- Born: 10 January 1863 Kletečná, Bohemia, Austrian Empire
- Died: 28 April 1936 (aged 73) Česká Lípa, Czechoslovakia
- Scientific career
- Fields: Botany, lichenology
- Author abbrev. (botany): Anders

= Josef Anders =

Czech lichenologist

Josef Anders (10 January 1863 – 28 April 1936) was a Czech botanist and lichenologist.

==Biography==
Josef Anders was born in Kletečná, Bohemia, Austrian Empire (now part of Velemín in the Czech Republic), on 10 January 1863. After graduating from high school in Litoměřice, he decided to teach and in 1885 began teaching at a primary school in Hrušovany near Litoměřice, later in Pertoltice pod Ralskem. From 1887 he worked in Česká Lípa as a German teacher at a burgher girls 'school (becoming director in 1919), later also as a professional teacher for boys' burghers. He had a keen interest in history and nature, and in 1890–1892 he wrote a guide to the historical monuments of the Central Bohemian Uplands and Upper Lusatia. He was encouraged in this activity by botanist and high school professor Franz Wurm. Around this time he began to collect and publish lichens from the vicinity of Česká Lípa. He educated himself in the natural sciences, gradually devoting himself more and more to systematic botany and lichen taxonomy.

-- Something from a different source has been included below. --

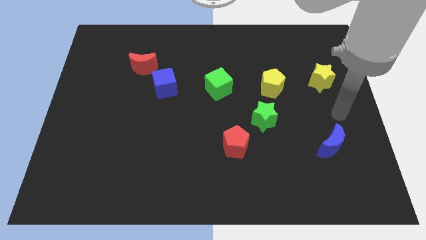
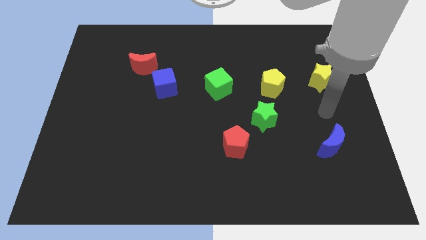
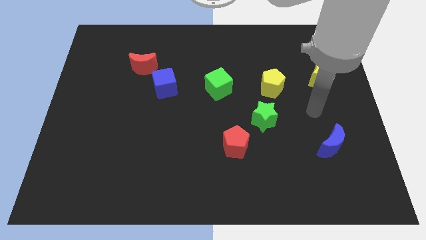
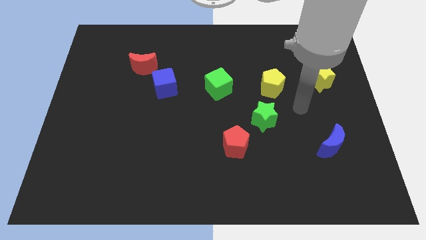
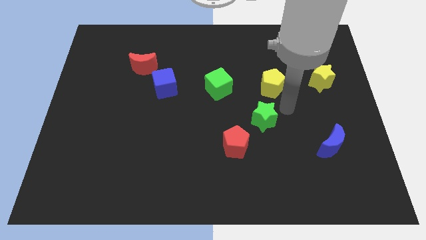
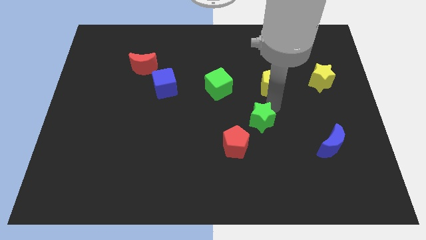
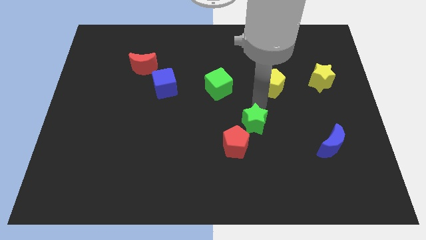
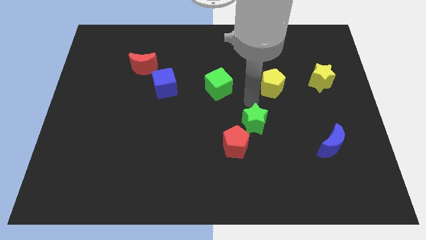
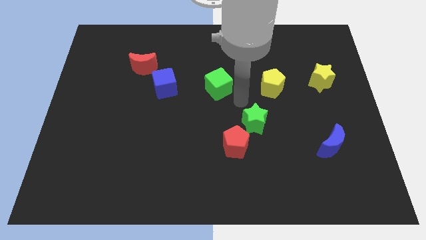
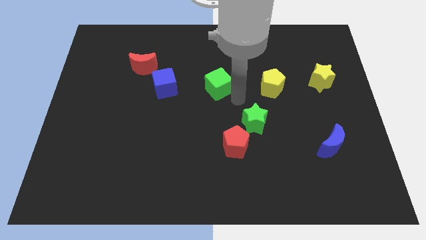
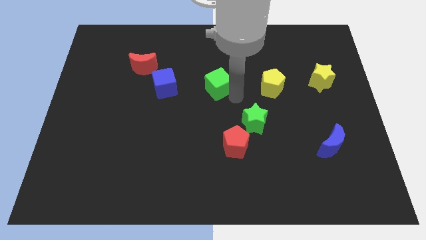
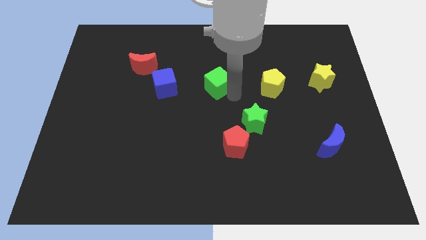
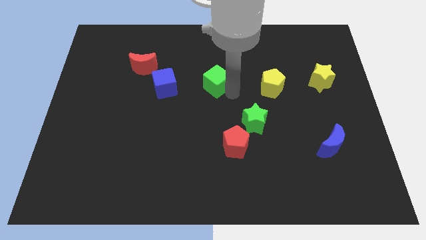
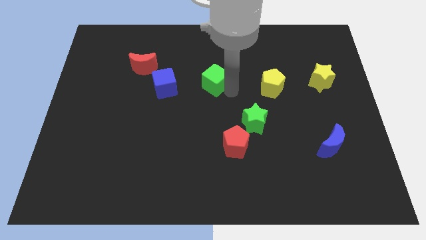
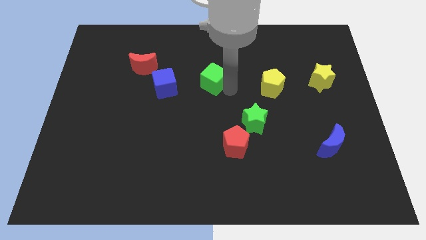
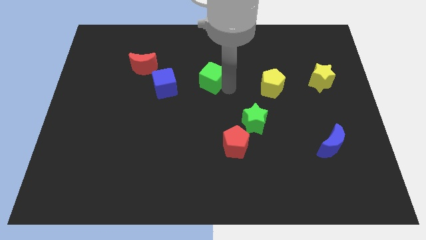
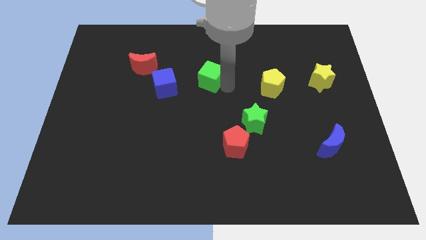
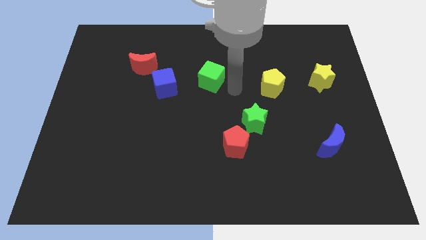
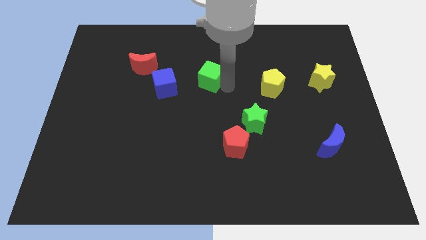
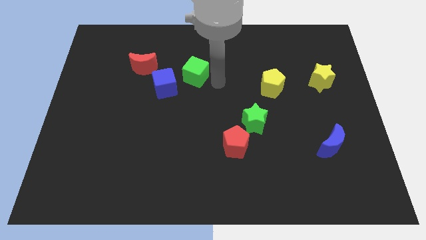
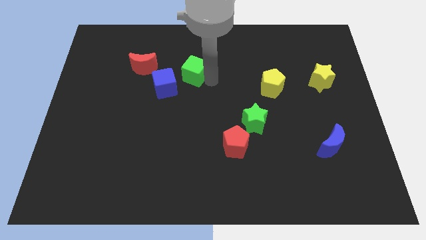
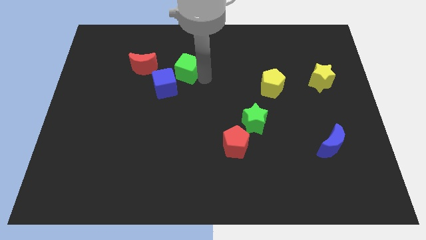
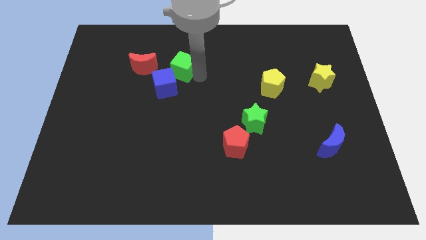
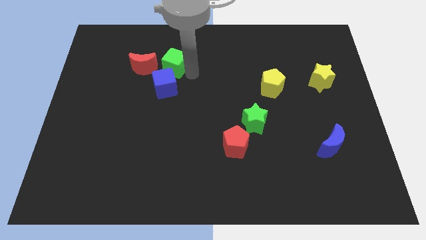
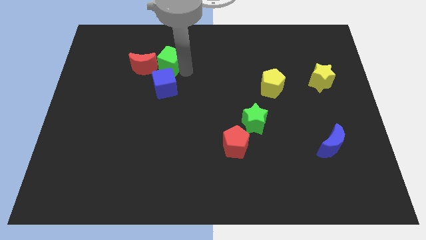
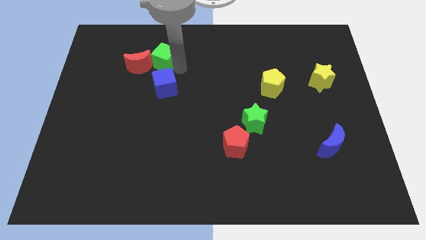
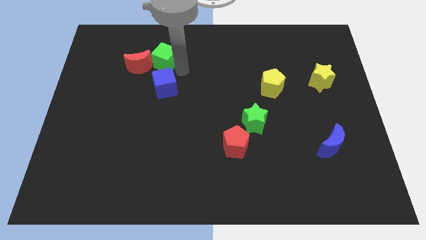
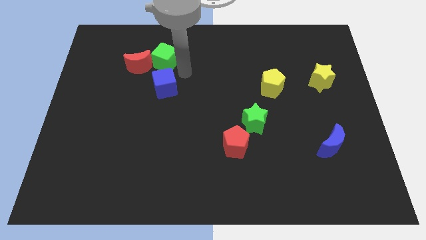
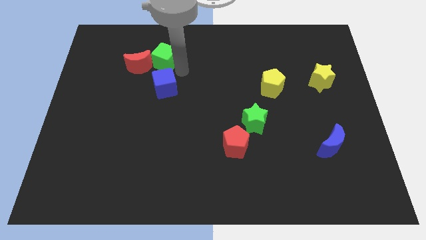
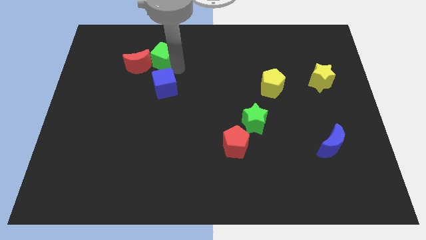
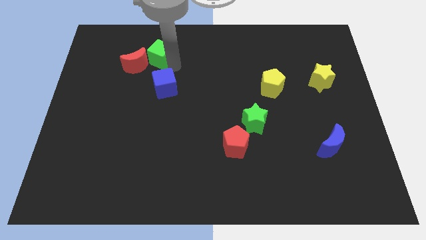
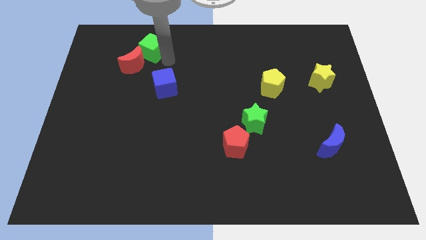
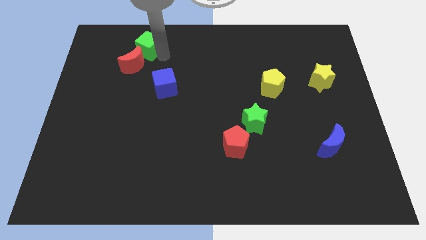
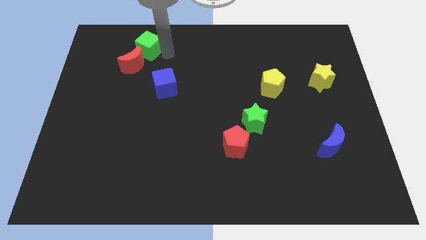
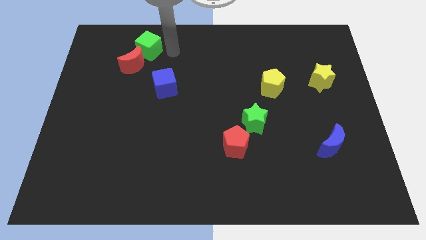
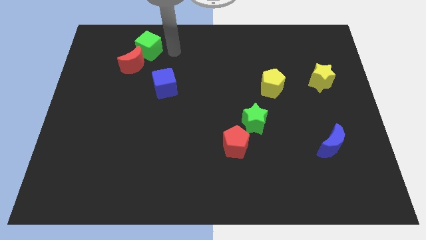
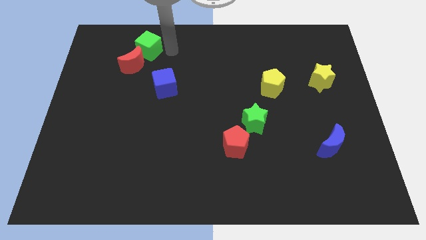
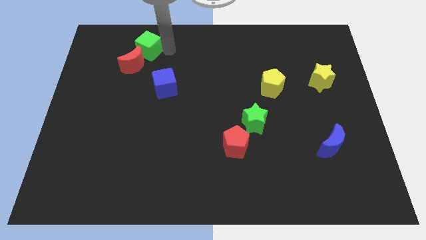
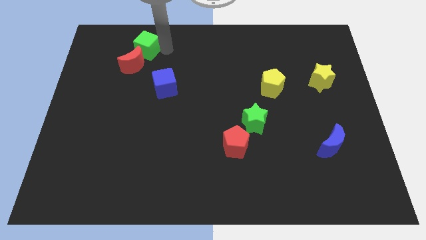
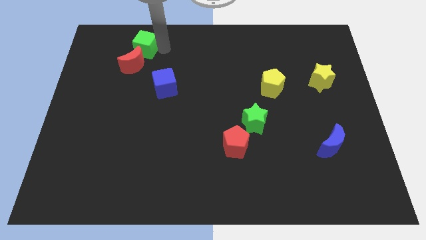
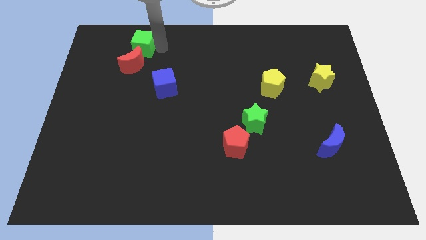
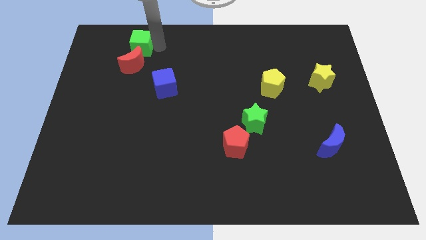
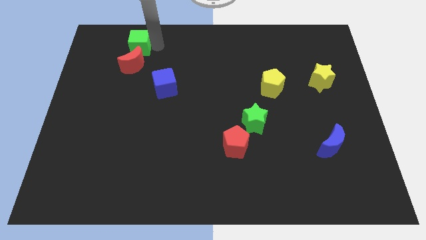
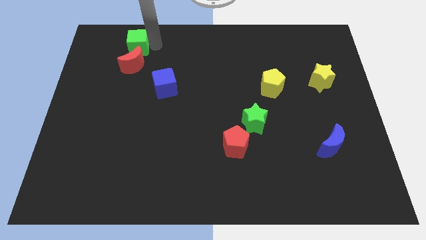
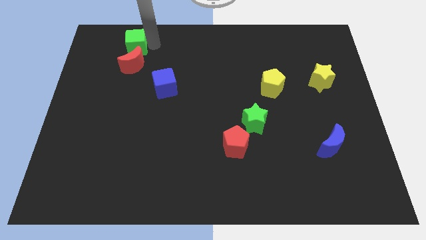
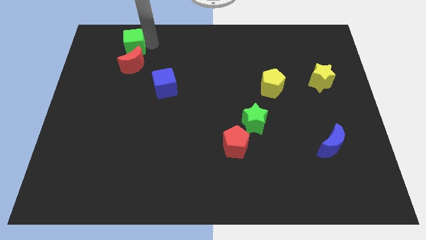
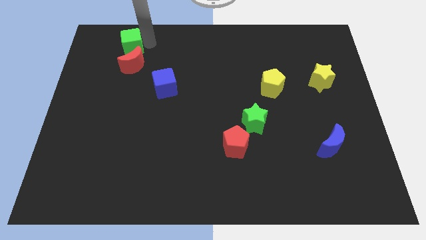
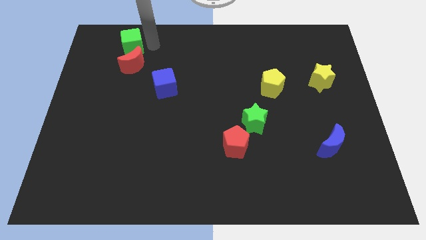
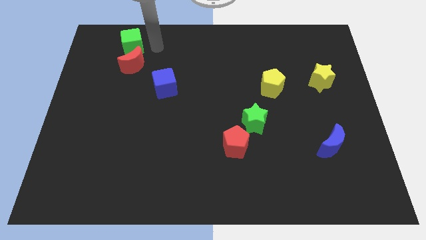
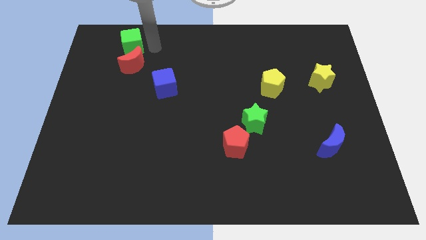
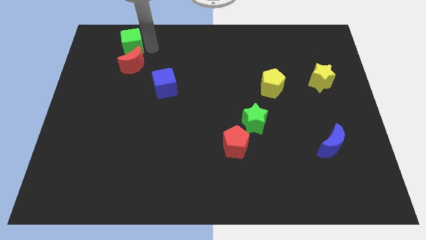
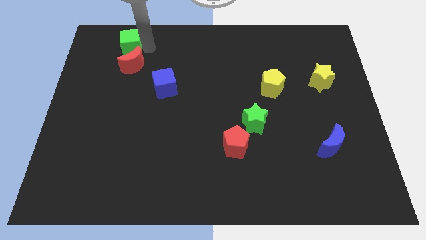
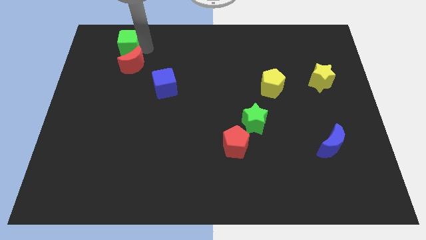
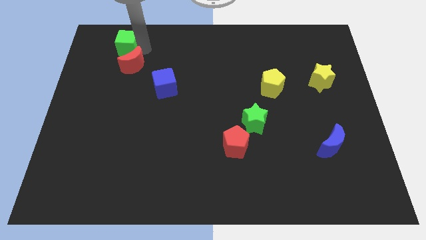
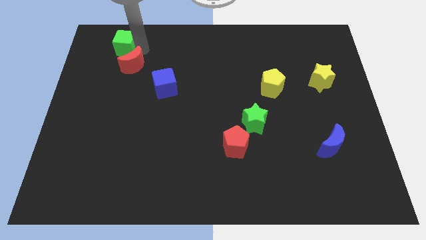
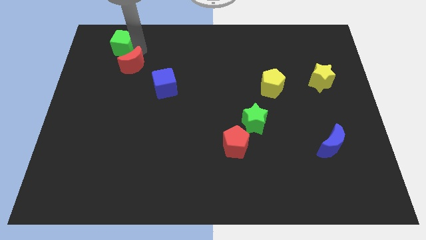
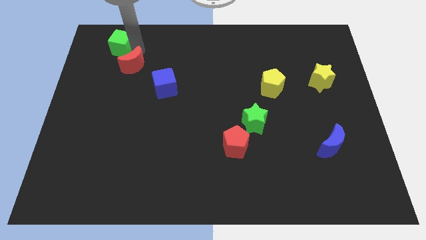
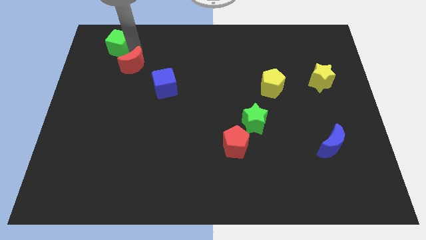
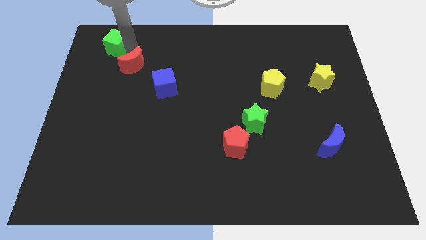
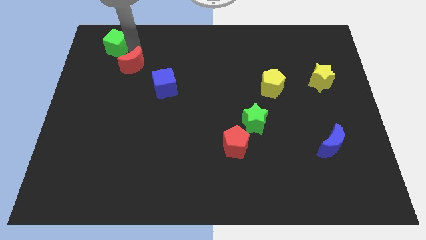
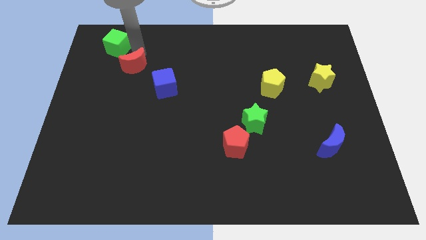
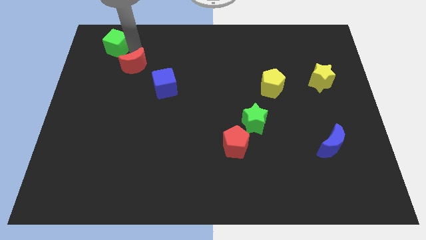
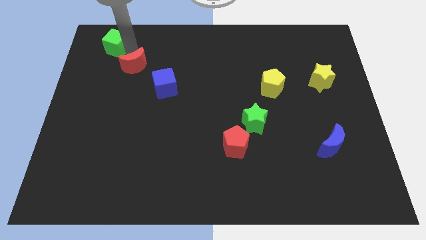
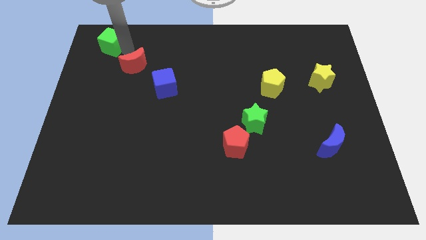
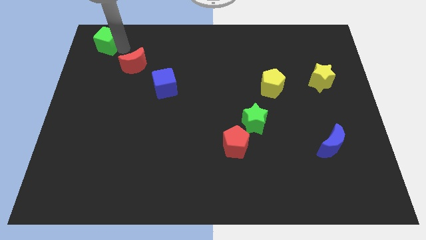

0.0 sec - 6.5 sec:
slide the green cube to the top left corner

As a lichenologist he contributed mostly to the research of the Central Bohemian Uplands, the Lusatian Mountains, Jizera Mountains, Ore Mountains, and the Giant Mountains. After he retired in 1926, Anders devoted himself fully to lichens. It was then that he completed his most famous work, Die Strauch und Laubflechten Mitteleuropas. In his obituary of Anders, German bryologist Karl von Schoenau wrote that this work "brought him the well-deserved recognition of his many years of scientific work and made his name known far beyond the borders of his homeland". He also traveled to mountains in neighbouring countries to collect lichens, including the Alps, High Tauern – Grossglockner, and High Tatras. He documented more than 70 lichens from the Jizera Mountains and its surroundings in the early 1920s, many of which can no longer be found there today due to changes in habitat and climate. He was once one of Europe's greatest experts on the genus Cladonia. He befriended the German lichenologist Heinrich Sandstede, who wrote a monograph on the family Cladoniaceae. In addition to almost fifty professional publications, he published 333 items in the Exsiccata Lichenes exsiccati Bohemiae borealis (Flechten Nordböhmen) in six volumes over four years (1929–1933).

Two lichens that were named after him are Pertusaria multipuncta var. andersiana Erichsen (1934) and Usnea andersiana Nádv. (1956). According to Vitus Grummann, Anders described 7 new species, 4 varieties, and 81 forms.

==Selected publications==
- Anders, J. (1923). "Zur Flechtenflora des Isergebirges"
- Anders, J. (1923). "Zur Flechtenflora des Isergebirges. Nachtrag"
- Anders, J. (1926). "Zur Flechtenflora der Umbebung von Krimml in Salzburg"
- Anders, J. (1928). "Untersuchungen über Mycoblastus sanguinarius (L.) Norm., M. alpinus (Fr.) Kernst. und M. melinus (Krph.) Hellb."
- Anders, J. (1930). "Über eine neue Flechtenart: Cladonia magyarica Vainio s.sp."